Zugsicherung und Zielsicherheit

Ein Nachmittag mit der Straßenbahnfahrschule Teil 1

„Hi! Marvin hier, wir würden gern mit dem Triebwagen 530 die Welt erkunden.“ Was für eine ungewöhnliche Art eine praktische Fahrstunde zu bezeichnen, denke ich. Wenige Minuten später erkenne ich dann, wie nah Fahrlehrer Marvin damit doch an der Wahrheit dran ist.

Ein ungewohnter Start

Aber fangen wir von vorne an: Ich habe mir vorgenommen, einen Tag mit unserer Straßenbahnfahrschule zu verbringen. Also sitze ich an einem Montag um 15 Uhr in unserem großen Schulungsraum an der Engelsburg. Um diese Zeit geht mein Arbeitstag normalerweise schon dem Ende entgegen – für Fahrlehrer Marvin und seine Schüler Mohamad, Pascal, Admir und Tim fängt er gerade erst an. Sie sind heute in der „Ausbildungsspätschicht“, die in der Regel gegen 17.30 Uhr anfängt und bis in die Nacht dauert. Weil ich dabei bin, starten wir heute ausnahmsweise früher.
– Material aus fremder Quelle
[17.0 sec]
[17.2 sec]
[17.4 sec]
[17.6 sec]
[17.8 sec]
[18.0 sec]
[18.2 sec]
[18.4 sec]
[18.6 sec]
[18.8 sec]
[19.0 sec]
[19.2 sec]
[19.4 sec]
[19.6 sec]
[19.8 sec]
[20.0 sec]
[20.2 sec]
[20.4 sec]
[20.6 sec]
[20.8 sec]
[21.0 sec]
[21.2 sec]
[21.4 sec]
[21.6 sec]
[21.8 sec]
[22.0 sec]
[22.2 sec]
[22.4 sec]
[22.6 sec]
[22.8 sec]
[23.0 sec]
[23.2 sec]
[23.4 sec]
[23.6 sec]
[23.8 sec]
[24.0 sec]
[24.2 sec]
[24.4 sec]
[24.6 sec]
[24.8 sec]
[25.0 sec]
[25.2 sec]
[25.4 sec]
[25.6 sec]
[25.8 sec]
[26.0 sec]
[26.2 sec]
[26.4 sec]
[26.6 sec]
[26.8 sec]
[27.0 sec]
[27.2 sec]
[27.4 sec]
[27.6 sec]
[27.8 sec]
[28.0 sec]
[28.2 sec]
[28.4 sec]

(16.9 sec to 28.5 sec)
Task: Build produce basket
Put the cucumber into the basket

Ich bin dafür ganz dankbar. Schichtarbeit bin ich nämlich nicht gewohnt. Deswegen gibt es für mich jetzt auch erstmal einen Kaffee. Ganz anders sieht es bei den vier Kollegen aus, die heute mit mir dabei sind. Sie sind allesamt schon Busfahrer, bringen viel Erfahrung mit und kennen zumindest schon unser Busnetz in- und auswendig. Nun lassen sie sich in drei Monaten zu Straßenbahnfahrern ausbilden. Als sogenannte Kombifahrer können sie dann vielseitig eingesetzt werden. Das ist den Vieren auch ganz besonders wichtig, denn nur noch eins von beidem fahren möchte keiner von ihnen.
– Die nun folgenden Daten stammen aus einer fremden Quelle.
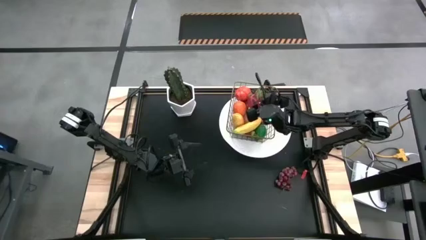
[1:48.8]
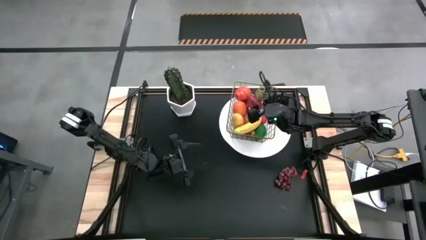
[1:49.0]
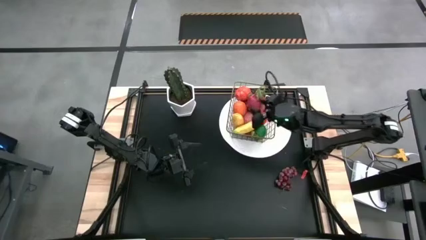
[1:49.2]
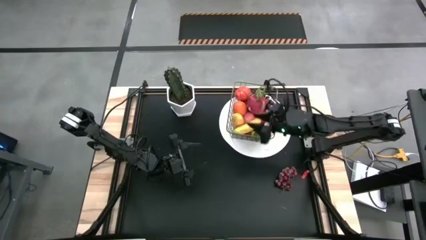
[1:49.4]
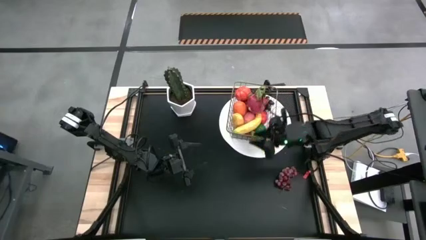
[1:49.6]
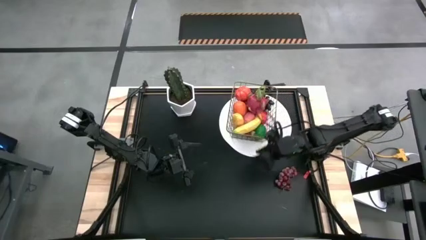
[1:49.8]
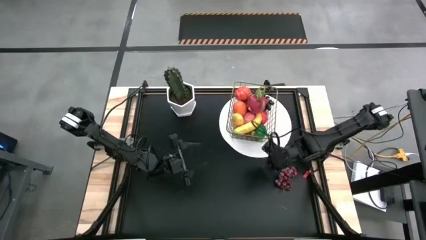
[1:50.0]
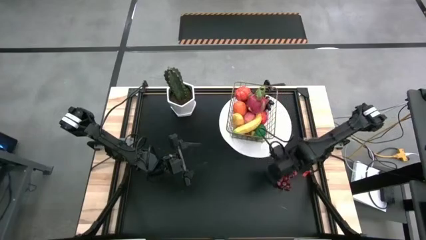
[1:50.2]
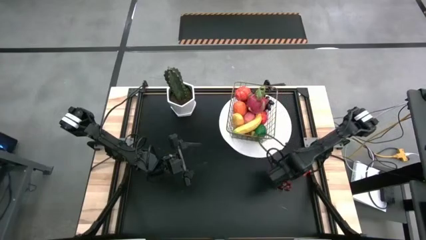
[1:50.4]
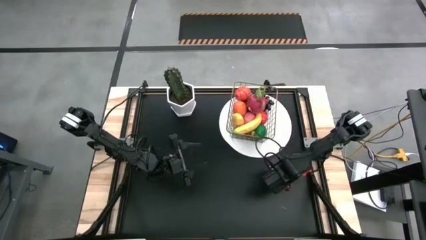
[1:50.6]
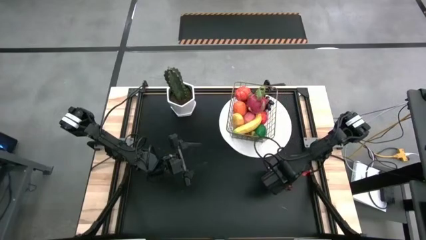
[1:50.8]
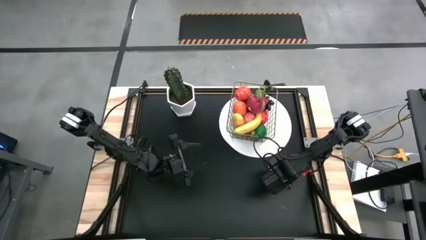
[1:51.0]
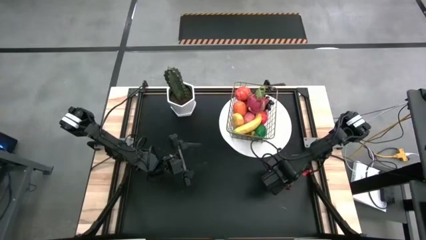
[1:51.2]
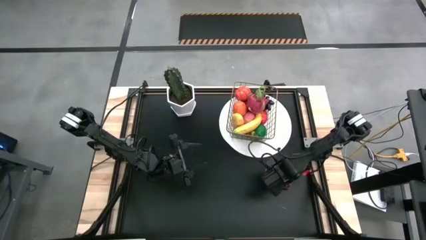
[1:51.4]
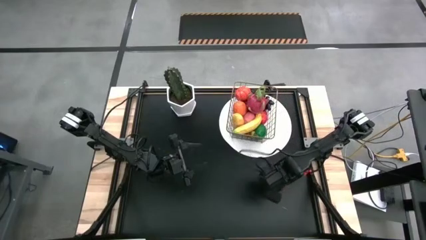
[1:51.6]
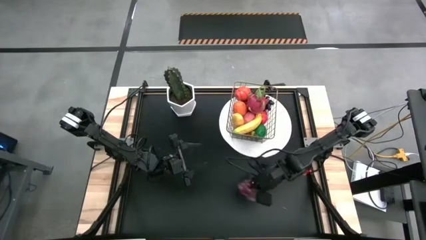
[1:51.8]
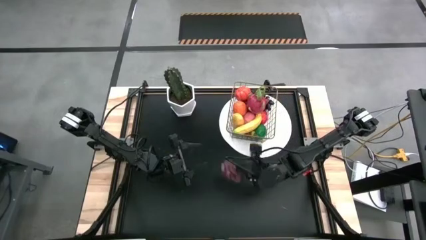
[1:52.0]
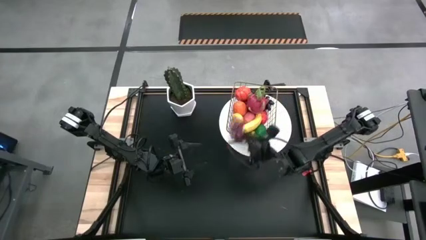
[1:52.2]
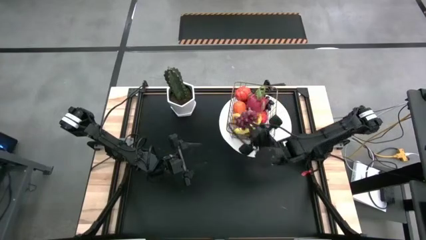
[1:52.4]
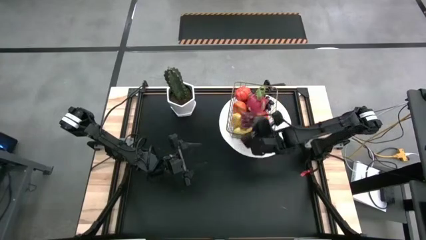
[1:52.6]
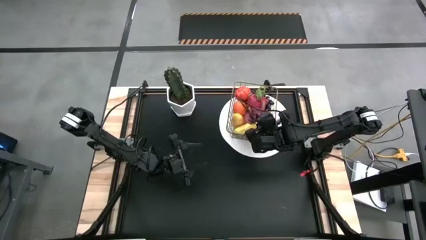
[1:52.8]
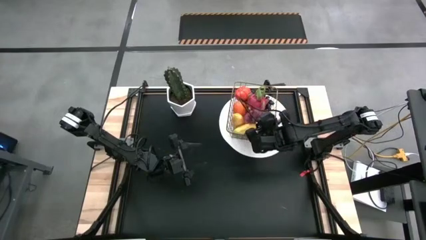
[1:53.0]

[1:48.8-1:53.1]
Task: Build produce basket
Put the purple grapes into the wire basket

Die Fahrschüler überlegen zusammen mit Fahrlehrer Marvin, welche Lösung die richtige ist.
Mohamad bearbeitet den Fragebogen zum Thema Zugsicherung.

Fahrlehrer Marvin: Erfahrung trifft Gelassenheit

Was es wirklich heißt, eine Straßenbahn zu fahren, weiß in der Runde aktuell noch einer besser als wir anderen: Fahrlehrer Marvin bringt fast zehn Jahre Berufserfahrung mit. Er hat 2015 – gleich nach seinem Schulabschluss – die Ausbildung zur Fachkraft im Fahrbetrieb (FiF) bei uns angefangen, ist dann Bus und Bahn gefahren, hat in der Ausfahrt und als Lehrfahrer gearbeitet. Seit einem Monat ist jetzt seine Ausbildung zum Fahrlehrer beendet und er darf ganz offiziell die zukünftigen Kolleg*innen im Straßenbahnbereich ausbilden. Ob er noch nervös ist vor so einer Schicht? Keine Spur. Er ist gut vorbereitet und nimmt, was da kommt, ganz locker. Was auffällt: Marvin ist deutlich jünger als die anderen. Aber das spielt in dieser Runde gar keine Rolle – hier zählt das Know-how und davon bringt er einiges mit.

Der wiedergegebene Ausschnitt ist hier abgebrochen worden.